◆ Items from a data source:
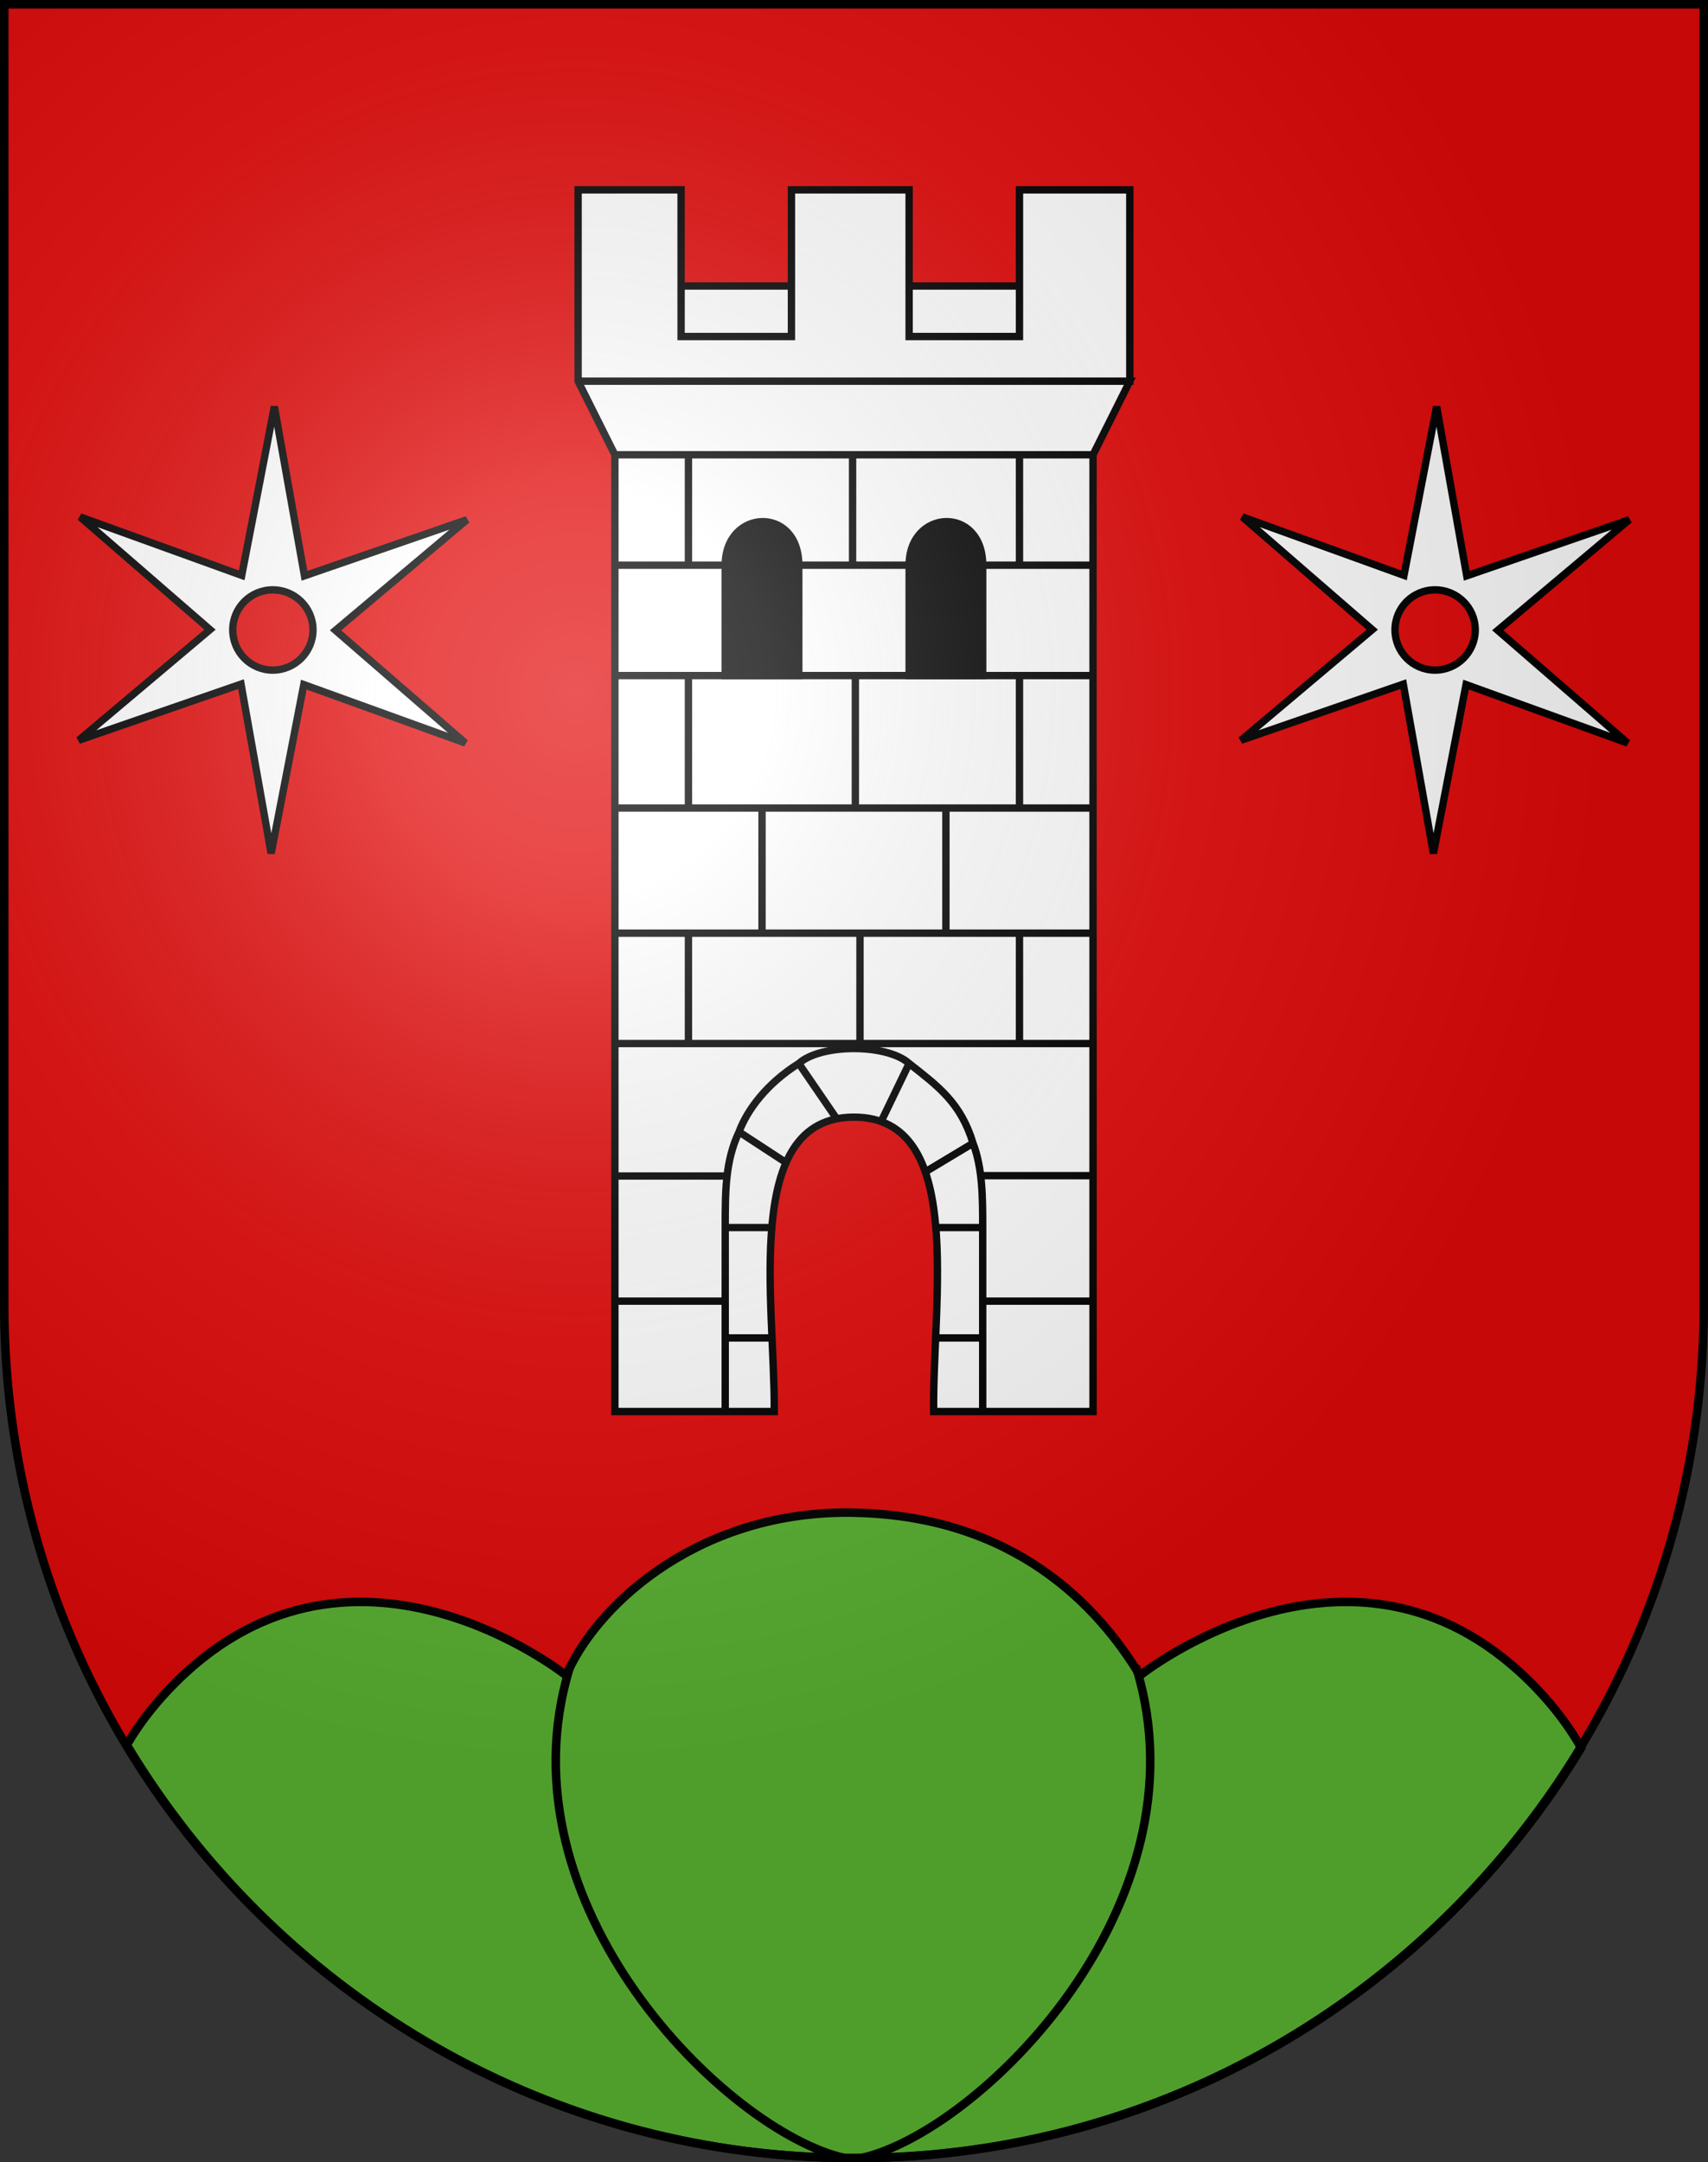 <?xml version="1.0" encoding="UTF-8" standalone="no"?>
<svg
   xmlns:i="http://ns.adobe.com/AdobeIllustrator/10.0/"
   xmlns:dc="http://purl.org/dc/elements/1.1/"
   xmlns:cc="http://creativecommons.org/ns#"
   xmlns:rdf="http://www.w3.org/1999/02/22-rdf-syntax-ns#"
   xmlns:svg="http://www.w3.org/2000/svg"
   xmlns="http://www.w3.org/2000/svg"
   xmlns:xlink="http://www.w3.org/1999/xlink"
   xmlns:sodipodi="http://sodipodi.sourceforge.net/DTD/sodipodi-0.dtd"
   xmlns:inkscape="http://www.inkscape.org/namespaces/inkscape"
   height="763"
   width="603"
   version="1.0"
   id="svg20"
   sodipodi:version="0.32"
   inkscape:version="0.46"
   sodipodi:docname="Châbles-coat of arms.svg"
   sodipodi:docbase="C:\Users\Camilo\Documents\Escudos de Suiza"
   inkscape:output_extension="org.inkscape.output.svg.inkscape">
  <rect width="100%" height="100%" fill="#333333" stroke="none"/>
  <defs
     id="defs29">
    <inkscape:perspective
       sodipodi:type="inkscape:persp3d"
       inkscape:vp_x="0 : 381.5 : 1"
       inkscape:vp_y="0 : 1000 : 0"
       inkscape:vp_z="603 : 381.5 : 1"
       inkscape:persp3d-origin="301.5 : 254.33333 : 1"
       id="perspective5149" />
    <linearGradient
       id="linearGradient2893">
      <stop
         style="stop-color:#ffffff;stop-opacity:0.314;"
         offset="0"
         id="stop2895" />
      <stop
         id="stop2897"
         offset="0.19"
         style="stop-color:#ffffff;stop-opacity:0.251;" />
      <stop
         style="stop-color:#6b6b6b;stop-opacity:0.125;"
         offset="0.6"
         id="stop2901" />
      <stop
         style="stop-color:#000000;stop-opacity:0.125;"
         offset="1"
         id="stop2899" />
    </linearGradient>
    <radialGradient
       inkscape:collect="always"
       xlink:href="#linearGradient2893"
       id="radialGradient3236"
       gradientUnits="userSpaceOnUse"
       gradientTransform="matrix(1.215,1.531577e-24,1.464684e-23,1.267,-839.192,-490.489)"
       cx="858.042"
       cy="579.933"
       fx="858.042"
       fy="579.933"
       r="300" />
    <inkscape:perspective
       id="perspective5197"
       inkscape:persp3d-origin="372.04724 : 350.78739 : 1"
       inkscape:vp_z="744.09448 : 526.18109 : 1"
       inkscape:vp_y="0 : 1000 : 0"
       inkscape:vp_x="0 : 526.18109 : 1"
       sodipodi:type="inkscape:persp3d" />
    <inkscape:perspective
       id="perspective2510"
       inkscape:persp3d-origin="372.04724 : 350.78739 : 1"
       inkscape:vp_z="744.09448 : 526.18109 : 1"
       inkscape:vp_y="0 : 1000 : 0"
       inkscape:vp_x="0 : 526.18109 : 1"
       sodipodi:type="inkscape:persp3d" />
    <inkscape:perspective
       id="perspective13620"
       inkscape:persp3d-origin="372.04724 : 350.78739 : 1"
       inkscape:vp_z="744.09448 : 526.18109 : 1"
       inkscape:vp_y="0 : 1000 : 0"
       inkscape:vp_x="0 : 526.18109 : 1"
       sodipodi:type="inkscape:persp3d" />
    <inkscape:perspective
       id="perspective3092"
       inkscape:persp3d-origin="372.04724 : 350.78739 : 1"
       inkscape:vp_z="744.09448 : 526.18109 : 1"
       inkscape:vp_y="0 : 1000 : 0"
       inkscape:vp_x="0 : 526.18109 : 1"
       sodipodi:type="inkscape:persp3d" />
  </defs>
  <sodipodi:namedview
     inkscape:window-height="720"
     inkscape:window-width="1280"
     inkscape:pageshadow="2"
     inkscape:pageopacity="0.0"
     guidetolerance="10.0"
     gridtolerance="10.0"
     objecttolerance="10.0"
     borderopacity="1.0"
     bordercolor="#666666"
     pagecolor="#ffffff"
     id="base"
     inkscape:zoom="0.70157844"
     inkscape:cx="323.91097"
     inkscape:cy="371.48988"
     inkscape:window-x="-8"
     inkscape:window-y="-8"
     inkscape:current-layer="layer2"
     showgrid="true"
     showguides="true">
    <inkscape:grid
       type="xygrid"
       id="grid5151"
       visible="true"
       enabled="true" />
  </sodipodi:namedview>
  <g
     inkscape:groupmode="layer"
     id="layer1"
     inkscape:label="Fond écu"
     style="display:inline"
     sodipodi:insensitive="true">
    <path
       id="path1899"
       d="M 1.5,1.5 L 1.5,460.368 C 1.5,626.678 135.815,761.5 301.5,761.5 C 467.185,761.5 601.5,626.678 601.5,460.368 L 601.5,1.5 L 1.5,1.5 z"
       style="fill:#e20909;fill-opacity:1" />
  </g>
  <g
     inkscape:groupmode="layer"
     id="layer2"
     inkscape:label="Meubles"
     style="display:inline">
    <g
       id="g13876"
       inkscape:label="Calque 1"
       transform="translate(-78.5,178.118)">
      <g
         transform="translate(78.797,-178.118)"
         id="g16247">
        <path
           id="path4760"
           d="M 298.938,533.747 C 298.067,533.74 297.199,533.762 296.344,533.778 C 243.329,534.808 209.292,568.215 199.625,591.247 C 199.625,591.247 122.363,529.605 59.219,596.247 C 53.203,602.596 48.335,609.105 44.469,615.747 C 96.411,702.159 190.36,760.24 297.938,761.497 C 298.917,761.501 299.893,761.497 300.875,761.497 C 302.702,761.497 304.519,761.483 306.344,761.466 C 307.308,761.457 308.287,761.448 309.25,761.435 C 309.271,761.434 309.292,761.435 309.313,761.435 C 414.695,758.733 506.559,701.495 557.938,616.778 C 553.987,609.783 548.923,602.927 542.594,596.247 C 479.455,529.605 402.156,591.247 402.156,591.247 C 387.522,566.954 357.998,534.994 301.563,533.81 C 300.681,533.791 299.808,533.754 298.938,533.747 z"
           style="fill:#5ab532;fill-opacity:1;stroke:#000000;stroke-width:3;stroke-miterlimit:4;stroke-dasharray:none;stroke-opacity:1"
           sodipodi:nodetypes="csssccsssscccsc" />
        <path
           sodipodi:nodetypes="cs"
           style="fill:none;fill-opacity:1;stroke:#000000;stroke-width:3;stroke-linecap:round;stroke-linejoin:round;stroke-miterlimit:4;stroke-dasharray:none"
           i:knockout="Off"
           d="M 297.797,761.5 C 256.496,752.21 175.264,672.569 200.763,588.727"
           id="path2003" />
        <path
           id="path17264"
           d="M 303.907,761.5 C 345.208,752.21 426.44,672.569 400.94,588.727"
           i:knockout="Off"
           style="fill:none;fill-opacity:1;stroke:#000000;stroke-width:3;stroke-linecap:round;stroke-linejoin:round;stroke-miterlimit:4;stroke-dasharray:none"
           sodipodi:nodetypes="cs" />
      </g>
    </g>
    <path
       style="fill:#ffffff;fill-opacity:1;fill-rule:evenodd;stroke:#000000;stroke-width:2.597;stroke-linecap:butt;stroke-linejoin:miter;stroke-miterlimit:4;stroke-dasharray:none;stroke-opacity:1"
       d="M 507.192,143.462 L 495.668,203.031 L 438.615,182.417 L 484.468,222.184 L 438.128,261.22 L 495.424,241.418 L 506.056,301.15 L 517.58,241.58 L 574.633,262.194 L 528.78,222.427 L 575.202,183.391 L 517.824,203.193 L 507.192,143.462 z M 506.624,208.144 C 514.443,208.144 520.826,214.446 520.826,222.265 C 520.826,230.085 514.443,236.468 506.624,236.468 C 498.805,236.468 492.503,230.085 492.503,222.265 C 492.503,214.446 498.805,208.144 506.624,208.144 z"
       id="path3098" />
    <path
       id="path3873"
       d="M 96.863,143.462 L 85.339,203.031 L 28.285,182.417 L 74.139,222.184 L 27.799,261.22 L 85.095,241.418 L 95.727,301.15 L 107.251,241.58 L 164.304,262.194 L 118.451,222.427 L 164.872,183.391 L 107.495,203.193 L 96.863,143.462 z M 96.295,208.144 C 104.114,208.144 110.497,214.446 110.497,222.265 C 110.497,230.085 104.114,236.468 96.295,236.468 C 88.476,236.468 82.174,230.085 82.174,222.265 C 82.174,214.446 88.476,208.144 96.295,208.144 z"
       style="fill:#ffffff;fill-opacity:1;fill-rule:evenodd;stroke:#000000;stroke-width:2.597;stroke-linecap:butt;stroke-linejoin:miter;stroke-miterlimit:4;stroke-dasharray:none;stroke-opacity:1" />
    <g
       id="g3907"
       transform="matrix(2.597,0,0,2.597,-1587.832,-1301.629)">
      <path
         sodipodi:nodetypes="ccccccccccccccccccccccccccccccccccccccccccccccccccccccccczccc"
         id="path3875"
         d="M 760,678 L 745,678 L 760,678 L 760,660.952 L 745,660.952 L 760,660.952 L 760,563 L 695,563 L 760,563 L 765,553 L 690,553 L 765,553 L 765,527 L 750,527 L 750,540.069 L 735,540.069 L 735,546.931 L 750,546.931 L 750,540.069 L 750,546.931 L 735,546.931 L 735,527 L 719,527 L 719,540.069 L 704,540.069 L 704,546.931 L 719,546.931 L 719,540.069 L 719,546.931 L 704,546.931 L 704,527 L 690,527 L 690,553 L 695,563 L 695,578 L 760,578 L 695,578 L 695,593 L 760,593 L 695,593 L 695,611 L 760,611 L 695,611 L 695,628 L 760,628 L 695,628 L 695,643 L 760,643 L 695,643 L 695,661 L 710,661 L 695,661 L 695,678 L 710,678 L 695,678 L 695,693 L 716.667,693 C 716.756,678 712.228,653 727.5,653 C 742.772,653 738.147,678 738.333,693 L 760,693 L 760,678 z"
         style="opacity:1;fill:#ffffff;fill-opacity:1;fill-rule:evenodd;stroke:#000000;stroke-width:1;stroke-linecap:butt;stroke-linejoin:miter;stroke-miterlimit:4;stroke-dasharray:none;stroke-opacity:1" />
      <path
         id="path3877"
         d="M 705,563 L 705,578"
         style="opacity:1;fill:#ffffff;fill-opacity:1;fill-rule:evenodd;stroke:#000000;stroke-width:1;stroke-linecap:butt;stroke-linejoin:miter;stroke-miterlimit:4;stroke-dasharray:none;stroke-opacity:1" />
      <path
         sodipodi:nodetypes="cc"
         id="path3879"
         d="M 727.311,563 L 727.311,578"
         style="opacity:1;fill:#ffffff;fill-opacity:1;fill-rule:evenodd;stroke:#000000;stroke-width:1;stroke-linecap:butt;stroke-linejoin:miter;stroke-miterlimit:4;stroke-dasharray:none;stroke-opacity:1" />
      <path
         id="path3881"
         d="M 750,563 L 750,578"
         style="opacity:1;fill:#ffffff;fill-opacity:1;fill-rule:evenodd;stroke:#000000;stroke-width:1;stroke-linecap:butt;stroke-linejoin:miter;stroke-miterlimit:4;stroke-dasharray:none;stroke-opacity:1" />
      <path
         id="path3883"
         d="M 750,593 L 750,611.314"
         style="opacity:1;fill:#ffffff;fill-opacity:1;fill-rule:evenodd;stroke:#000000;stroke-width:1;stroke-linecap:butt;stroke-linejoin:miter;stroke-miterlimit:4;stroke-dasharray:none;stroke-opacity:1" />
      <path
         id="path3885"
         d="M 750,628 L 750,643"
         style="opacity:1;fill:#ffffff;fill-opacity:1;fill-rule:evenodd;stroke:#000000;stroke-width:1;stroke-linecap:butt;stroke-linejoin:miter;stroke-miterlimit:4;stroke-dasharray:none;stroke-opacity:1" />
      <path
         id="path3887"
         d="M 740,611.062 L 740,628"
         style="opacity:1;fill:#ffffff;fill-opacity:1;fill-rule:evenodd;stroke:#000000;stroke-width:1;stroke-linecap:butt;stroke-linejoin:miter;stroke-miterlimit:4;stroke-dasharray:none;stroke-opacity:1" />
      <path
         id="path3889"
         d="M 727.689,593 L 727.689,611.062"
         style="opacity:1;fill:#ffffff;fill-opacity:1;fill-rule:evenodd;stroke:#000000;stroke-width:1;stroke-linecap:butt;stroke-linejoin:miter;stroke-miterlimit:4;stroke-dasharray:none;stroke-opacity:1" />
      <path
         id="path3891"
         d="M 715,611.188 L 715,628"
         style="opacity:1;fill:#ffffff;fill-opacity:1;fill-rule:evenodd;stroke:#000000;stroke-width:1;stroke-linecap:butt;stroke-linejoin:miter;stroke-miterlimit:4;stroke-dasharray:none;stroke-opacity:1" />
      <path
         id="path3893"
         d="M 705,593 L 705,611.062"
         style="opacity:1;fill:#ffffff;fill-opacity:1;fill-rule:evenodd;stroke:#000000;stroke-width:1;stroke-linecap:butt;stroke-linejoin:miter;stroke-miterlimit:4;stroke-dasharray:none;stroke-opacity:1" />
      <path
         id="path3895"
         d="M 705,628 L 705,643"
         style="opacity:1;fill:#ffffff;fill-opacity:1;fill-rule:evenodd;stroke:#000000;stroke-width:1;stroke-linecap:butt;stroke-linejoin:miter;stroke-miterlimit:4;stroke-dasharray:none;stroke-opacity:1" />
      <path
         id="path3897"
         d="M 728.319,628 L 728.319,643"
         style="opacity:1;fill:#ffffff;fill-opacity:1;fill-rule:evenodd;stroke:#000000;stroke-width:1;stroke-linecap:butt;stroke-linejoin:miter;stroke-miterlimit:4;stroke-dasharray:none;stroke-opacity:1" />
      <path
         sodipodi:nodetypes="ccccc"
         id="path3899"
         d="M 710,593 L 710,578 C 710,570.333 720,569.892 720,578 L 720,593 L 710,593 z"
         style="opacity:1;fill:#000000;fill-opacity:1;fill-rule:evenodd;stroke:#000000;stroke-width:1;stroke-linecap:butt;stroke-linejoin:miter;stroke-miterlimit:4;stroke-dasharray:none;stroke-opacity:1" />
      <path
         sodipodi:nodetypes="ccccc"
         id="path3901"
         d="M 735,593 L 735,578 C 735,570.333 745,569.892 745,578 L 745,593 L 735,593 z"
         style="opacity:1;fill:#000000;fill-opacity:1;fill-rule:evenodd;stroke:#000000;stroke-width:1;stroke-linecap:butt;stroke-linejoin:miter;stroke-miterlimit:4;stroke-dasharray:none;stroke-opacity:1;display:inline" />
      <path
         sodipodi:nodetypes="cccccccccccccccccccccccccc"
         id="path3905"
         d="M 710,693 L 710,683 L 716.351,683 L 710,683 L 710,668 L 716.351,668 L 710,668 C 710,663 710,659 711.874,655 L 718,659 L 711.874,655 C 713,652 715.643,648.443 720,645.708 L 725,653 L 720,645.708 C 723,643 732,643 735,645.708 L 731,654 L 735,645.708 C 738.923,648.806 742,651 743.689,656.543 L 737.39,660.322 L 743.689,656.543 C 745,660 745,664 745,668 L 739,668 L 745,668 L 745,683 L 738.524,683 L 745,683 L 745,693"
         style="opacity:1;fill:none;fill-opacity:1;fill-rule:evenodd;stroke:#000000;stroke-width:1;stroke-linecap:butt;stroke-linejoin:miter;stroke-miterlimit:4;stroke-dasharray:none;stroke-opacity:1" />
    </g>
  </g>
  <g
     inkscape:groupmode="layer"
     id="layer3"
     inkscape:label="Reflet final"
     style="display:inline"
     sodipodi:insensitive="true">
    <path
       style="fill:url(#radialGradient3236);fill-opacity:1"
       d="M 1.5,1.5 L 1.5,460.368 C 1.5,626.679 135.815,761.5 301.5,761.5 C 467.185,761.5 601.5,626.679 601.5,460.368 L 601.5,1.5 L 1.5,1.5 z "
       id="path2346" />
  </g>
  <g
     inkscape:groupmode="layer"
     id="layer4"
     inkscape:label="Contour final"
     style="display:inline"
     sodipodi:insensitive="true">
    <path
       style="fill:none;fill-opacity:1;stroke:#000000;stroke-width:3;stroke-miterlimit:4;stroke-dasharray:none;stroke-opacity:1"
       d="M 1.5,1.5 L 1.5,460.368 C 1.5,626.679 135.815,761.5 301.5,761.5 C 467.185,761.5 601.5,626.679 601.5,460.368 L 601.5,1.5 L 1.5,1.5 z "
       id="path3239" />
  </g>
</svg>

◆ Your task:
Look through the entries and return each line that has the word "xlink" in it.

◆ Answer below:
   xmlns:xlink="http://www.w3.org/1999/xlink"
       xlink:href="#linearGradient2893"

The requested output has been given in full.